* _Task details_
The line containing "Q: Is the spacing between lines" marks the end: extract everything from the first line of the data through that line, exactly, with no pictures.

* _Source records_
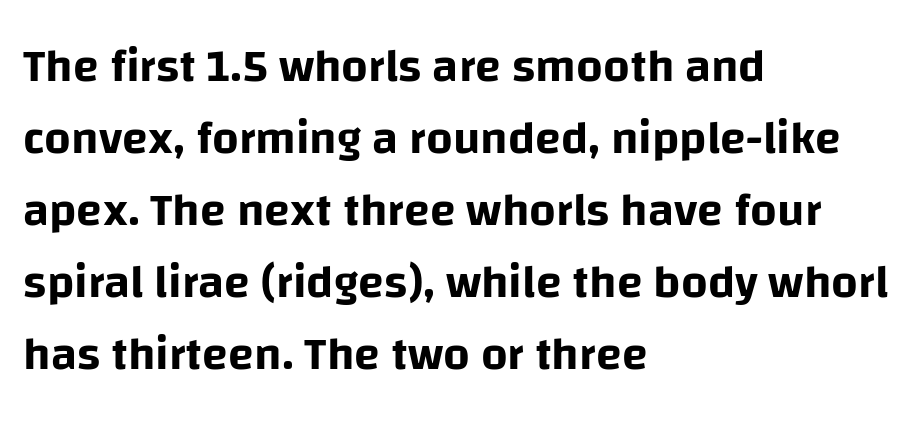
Q: Is the text italic (slanted)? A: No, it is upright.
Q: Is the typeface a serif or a sans-serif typeface? A: Sans-serif.
Q: Is the text underlined? A: No.
Q: How is the paragraph aligned? A: Left-aligned.
Q: Is the spacing between letters normal or unusually wide? A: Normal.
Q: Is the spacing between lines tight, normal or loose? A: Normal.
Q: Width (condensed, normal, or wide)? A: Normal.
Q: Stroke contrast? A: Low.
Q: x-height? A: Large.
Q: Monospaced? A: No.
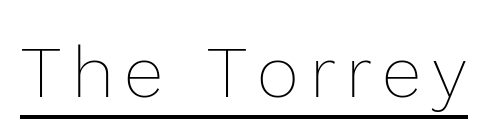
Q: Is the text bold? A: No.
Q: Is the text italic (slanted)? A: No, it is upright.
Q: Is the text underlined? A: Yes.
Q: Width (condensed, normal, or wide)? A: Normal.
Q: x-height? A: Medium.
Q: Monospaced? A: No.
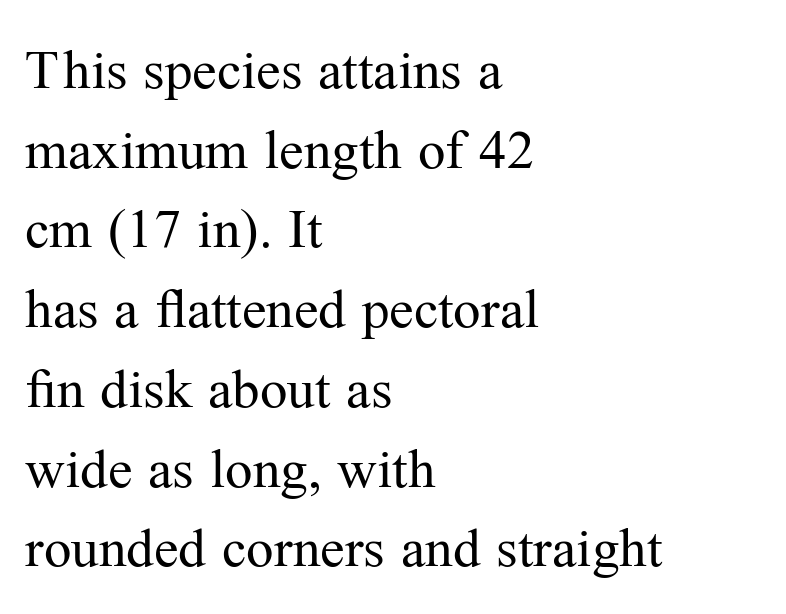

* _Solution to the exercise_
Q: Is the text italic (slanted)? A: No, it is upright.
Q: Is the typeface a serif or a sans-serif typeface? A: Sans-serif.
Q: Is the text underlined? A: No.
Q: How is the paragraph aligned? A: Left-aligned.
Q: Is the spacing between letters normal or unusually wide? A: Normal.
Q: Is the spacing between lines tight, normal or loose? A: Normal.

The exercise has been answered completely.